Successful Data Mining In Practice

The sheer volume and complexity of data collected or available to most organizations has created an imposing barrier to its effective use. These challenges have propelled data mining to the forefront of making profitable and effective use of data. Data mining is a process that uses a variety of data analysis and modeling techniques to discover patterns and relationships in data that may be used to make accurate predictions.

While the most widespread application of data mining are in CRM (customer relationship management) some of the other important applications include fraud detection and identifying good credit risks.

The first and simplest analytical step in data mining is to describe the data — for example, summarize its statistical attributes (such as means and standard deviations), visually review it using charts and graphs, and look at the distribution of values of the fields in your data. But, the standard exploratory data techniques of graphing and summarizing each variable take too long when dealing with hundreds of candidate predictors. Making scatterplots of each pair is even less feasible.

But data description alone cannot provide an action plan. You must build a predictive model based on patterns determined from known results, then test that model on results outside the original sample. In classical data analysis, the exploratory phase usually precedes the model selection phase. It’s seen as a necessary preliminary for understanding the data before beginning to think about how to model it. But in data mining, sometimes we start with a preliminary model just to narrow down the set of potential predictors. This exploratory data modeling (EDM) seems to be at odds with standard statistical practice, but, in fact, it’s simply using models as a new exploratory tool.

In this course, we’ll take a brief tour of the current state of data mining algorithms and using several case studies to explain how EDM can be used to narrow the search for a predictive model and to increase the chances of producing useful and meaningful results. We will use the JMP software for hands-on application of the techniques used.

AGENDA FOR THE TWO DAYS

OVERVIEW OF DATA MINING

· Why do data mining?

· Types of models: predictive (classification, regression, time series); descriptive (clustering, association detection, sequence detection)

· The data mining process

BUILDING THE MINING DATABASE

· Stating the business problem

· Description of the data sets

· Enriching the data with external data sources

UNDERSTANDING THE DATA

· Graphical methods

· Selecting data: columns (reducing dimensionality); rows (sampling)

· Transforming the data: data representation (scaling, binning, encoding)

· Creating new attributes

BUILDING THE MODEL

· Commonly used algorithms: classical regression (linear and non-linear), logistic regression, decision trees, neural nets, K-nearest neighbor, MARS, clustering

· Bagging and Boosting

· Algorithm characteristics

· Choosing appropriate algorithms: matching algorithms to the business problem; matching algorithms to the data

· Comparative examination of models

THE MODEL BUILDING CYCLE

· Using models to explore

· The cycle of model building

VALIDATING THE MODEL

· Need for validation

· Simple validation

MODEL EVALUATION

· Confusion matrices

· Lift and ROI curves

WHAT CAN GO WRONG

· Overfitting

· Performance

· Interpretation

· Model limitations

SUMMARY

· Lessons learned

· Where to go from here?

BIOGRAPHY

Dick De Veaux holds degrees in Civil Engineering (B.S.E. Princeton), Mathematics (A.B.Princeton), Physical Education (M.A. Stanford; Specialization in Dance) and Statistics (Ph.D., Stanford).

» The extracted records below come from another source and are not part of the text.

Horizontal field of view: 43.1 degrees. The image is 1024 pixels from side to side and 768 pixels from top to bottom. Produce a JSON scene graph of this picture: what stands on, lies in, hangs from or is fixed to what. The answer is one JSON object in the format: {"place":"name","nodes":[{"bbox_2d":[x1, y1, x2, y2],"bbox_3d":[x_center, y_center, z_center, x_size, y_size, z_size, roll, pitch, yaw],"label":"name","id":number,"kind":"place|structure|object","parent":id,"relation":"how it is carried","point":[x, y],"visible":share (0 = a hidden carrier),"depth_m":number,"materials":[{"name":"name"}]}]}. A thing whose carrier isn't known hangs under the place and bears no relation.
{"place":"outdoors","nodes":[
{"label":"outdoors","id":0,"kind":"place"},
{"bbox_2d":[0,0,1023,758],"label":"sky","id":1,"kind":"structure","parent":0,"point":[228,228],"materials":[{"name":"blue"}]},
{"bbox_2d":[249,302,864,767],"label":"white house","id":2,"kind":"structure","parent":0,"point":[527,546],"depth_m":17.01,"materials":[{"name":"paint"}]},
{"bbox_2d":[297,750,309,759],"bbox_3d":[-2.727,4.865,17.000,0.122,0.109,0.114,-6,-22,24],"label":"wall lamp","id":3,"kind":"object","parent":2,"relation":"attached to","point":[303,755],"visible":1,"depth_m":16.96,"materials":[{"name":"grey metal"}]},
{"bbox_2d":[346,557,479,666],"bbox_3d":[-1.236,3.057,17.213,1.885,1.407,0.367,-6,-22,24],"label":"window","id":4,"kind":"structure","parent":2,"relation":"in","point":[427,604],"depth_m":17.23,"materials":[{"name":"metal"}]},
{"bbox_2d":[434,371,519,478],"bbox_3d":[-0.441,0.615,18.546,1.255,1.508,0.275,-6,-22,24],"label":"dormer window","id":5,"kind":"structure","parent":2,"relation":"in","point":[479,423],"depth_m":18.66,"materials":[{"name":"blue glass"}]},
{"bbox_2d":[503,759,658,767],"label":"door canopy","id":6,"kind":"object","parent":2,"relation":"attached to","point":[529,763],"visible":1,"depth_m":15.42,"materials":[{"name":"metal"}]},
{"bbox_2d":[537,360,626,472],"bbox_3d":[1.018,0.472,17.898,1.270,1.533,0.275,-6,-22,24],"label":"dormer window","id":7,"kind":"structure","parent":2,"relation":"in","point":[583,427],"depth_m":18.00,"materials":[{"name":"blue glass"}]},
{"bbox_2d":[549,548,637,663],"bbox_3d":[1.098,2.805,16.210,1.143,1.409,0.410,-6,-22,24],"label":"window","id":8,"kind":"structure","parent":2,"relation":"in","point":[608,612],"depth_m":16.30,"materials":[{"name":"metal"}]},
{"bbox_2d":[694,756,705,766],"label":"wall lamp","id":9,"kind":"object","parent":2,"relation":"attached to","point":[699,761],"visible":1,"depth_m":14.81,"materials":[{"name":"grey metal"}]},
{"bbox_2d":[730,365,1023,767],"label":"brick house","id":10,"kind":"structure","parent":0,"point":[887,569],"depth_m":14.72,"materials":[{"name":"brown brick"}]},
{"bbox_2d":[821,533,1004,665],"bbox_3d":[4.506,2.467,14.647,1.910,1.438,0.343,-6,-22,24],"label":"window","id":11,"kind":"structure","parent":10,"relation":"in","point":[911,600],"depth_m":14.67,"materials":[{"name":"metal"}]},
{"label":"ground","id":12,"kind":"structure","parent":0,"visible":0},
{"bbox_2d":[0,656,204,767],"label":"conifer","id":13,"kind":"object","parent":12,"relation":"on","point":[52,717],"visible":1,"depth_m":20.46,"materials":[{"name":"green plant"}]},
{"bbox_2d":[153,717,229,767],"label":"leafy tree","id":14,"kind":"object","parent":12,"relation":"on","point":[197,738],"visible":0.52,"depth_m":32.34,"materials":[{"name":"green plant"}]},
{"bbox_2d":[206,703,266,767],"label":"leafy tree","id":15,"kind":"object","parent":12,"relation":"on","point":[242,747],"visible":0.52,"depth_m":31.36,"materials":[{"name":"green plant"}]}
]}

He has taught at the Wharton School, the Princeton University School of Engineering, and, since 1994, has been a professor in the Math and Stat Department of Williams College. Last year he was on sabbatical at the Université Paul Sabatier in Toulouse, France. Dick has won numerous teaching awards including a “Lifetime Award for Dedication and Excellence in Teaching” from the Engineering Council at Princeton. He has won both the Wilcoxon and Shewell awards (twice) from the American Society for Quality and was elected fellow of the ASA in 1998. He has served as General Methodology Chair for the JSM Program Committee 3 times, in 1987, 1995 and 1999. Dick served as program chair for SPES in 1996 and he was the Program Chair for the 2001 JSM in Atlanta.

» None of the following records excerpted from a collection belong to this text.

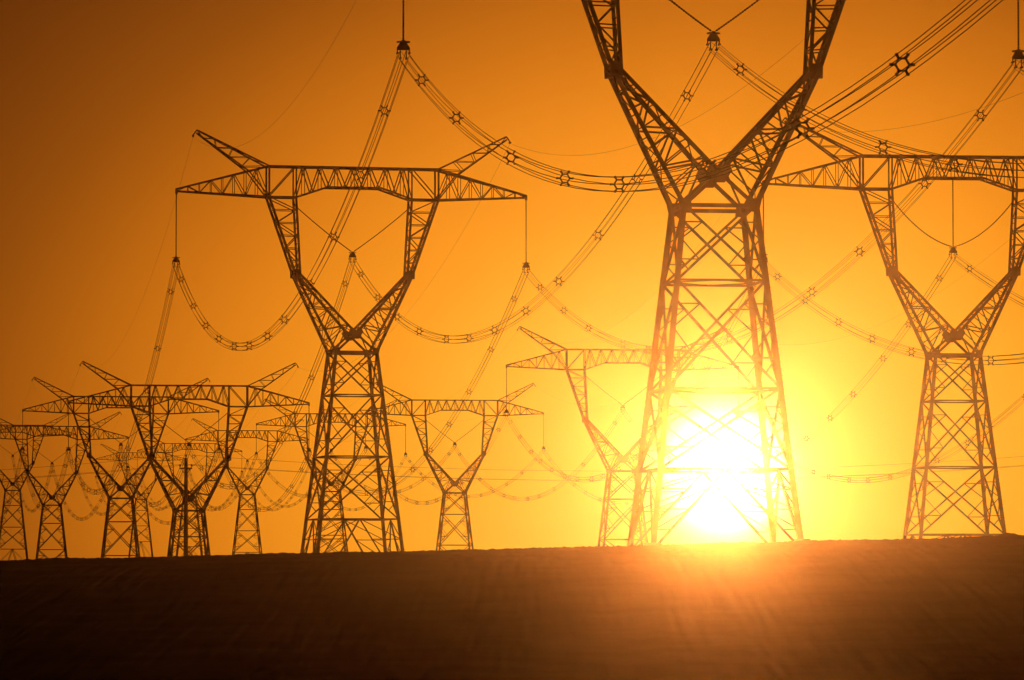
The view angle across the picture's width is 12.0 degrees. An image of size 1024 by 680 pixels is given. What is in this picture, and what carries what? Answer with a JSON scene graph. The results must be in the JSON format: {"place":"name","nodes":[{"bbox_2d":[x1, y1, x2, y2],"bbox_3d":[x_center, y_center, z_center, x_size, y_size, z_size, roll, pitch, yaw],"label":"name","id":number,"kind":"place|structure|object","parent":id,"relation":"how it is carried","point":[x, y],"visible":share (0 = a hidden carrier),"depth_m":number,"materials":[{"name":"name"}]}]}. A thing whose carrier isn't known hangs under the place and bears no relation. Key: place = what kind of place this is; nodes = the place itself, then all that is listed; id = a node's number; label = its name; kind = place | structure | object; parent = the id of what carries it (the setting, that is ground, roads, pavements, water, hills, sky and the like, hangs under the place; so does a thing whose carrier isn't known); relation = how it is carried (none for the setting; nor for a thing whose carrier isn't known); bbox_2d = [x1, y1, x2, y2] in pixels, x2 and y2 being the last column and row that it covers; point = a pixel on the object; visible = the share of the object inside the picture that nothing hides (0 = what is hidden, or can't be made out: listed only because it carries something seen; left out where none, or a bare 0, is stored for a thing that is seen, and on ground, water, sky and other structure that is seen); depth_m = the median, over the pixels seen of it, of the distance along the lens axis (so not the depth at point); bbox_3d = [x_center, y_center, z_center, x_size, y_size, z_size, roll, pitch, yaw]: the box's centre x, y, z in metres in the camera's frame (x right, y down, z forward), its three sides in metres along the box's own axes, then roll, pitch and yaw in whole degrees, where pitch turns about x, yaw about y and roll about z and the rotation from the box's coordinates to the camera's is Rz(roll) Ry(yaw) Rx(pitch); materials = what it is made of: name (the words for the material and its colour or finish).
{"place":"outdoors","nodes":[
{"label":"outdoors","id":0,"kind":"place"},
{"bbox_2d":[0,533,1023,679],"bbox_3d":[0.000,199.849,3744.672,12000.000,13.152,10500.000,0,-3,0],"label":"ground","id":1,"kind":"structure","parent":0,"point":[951,608],"depth_m":227.00,"materials":[{"name":"soil"}]},
{"bbox_2d":[0,414,75,559],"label":"transmission tower","id":2,"kind":"structure","parent":1,"relation":"on","point":[21,506],"depth_m":1620.31,"materials":[{"name":"metal"}]},
{"bbox_2d":[0,0,1023,524],"bbox_3d":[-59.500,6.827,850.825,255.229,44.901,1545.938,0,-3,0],"label":"power line conductors","id":3,"kind":"object","parent":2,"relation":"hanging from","point":[708,164],"visible":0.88,"depth_m":347.31,"materials":[{"name":"metal"}]},
{"bbox_2d":[0,411,129,558],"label":"transmission tower","id":4,"kind":"structure","parent":1,"relation":"on","point":[51,497],"depth_m":1339.70,"materials":[{"name":"metal"}]},
{"bbox_2d":[20,377,220,557],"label":"transmission tower","id":5,"kind":"structure","parent":1,"relation":"on","point":[90,457],"depth_m":1039.35,"materials":[{"name":"metal"}]},
{"bbox_2d":[95,444,183,557],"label":"transmission tower","id":6,"kind":"structure","parent":1,"relation":"on","point":[145,521],"depth_m":2258.66,"materials":[{"name":"metal"}]},
{"bbox_2d":[95,93,1023,510],"bbox_3d":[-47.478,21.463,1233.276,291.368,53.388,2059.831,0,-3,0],"label":"power line conductors","id":7,"kind":"object","parent":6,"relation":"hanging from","point":[211,507],"visible":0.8,"depth_m":715.63,"materials":[{"name":"metal"}]},
{"bbox_2d":[179,455,192,555],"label":"utility pole","id":8,"kind":"object","parent":1,"relation":"on","point":[185,471],"visible":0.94,"depth_m":419.71,"materials":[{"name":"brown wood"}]},
{"bbox_2d":[4,455,1023,480],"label":"distribution wires","id":9,"kind":"object","parent":8,"relation":"attached to","point":[487,469],"visible":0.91,"depth_m":425.69,"materials":[{"name":"metal"}]},
{"bbox_2d":[66,361,310,556],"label":"transmission tower","id":10,"kind":"structure","parent":1,"relation":"on","point":[191,496],"depth_m":844.95,"materials":[{"name":"metal"}]},
{"bbox_2d":[137,433,242,555],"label":"transmission tower","id":11,"kind":"structure","parent":1,"relation":"on","point":[189,492],"depth_m":1949.50,"materials":[{"name":"metal"}]},
{"bbox_2d":[185,418,305,554],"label":"transmission tower","id":12,"kind":"structure","parent":1,"relation":"on","point":[241,505],"depth_m":1649.58,"materials":[{"name":"metal"}]},
{"bbox_2d":[255,399,406,552],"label":"transmission tower","id":13,"kind":"structure","parent":1,"relation":"on","point":[340,509],"depth_m":1359.92,"materials":[{"name":"metal"}]},
{"bbox_2d":[172,129,529,552],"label":"transmission tower","id":14,"kind":"structure","parent":1,"relation":"on","point":[296,275],"depth_m":570.74,"materials":[{"name":"metal"}]},
{"bbox_2d":[364,383,544,550],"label":"transmission tower","id":15,"kind":"structure","parent":1,"relation":"on","point":[453,483],"depth_m":1140.20,"materials":[{"name":"metal"}]},
{"bbox_2d":[504,326,740,545],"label":"transmission tower","id":16,"kind":"structure","parent":1,"relation":"on","point":[586,421],"depth_m":870.07,"materials":[{"name":"metal"}]},
{"bbox_2d":[396,0,1023,545],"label":"transmission tower","id":17,"kind":"structure","parent":1,"relation":"on","point":[616,74],"depth_m":325.24,"materials":[{"name":"metal"}]},
{"bbox_2d":[762,117,1023,538],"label":"transmission tower","id":18,"kind":"structure","parent":1,"relation":"on","point":[893,273],"depth_m":530.58,"materials":[{"name":"metal"}]},
{"bbox_2d":[0,0,1023,559],"label":"sky","id":19,"kind":"structure","parent":0,"point":[103,102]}
]}

Dick has been a consultant for nearly 20 years for such companies as Hewlett-Packard, Alcoa, First USA bank, Dupont, Pillsbury, Rohm and Haas, Ernst and Young, General Electric, and Chemical Bank. He holds two U.S. patents and is the author of over 25 refereed journal articles. His hobbies include cycling, swimming, singing (he is the head of the Diminished Faculty, a local doo wop group) and dancing (he was once a professional dancer and has a masters degree in dance education). He is the father of four children ages 8,10,12 and 14. Dick is the co-author, with Paul Velleman, of the introductory textbook “Intro Stats” just published by Addison-Wesley.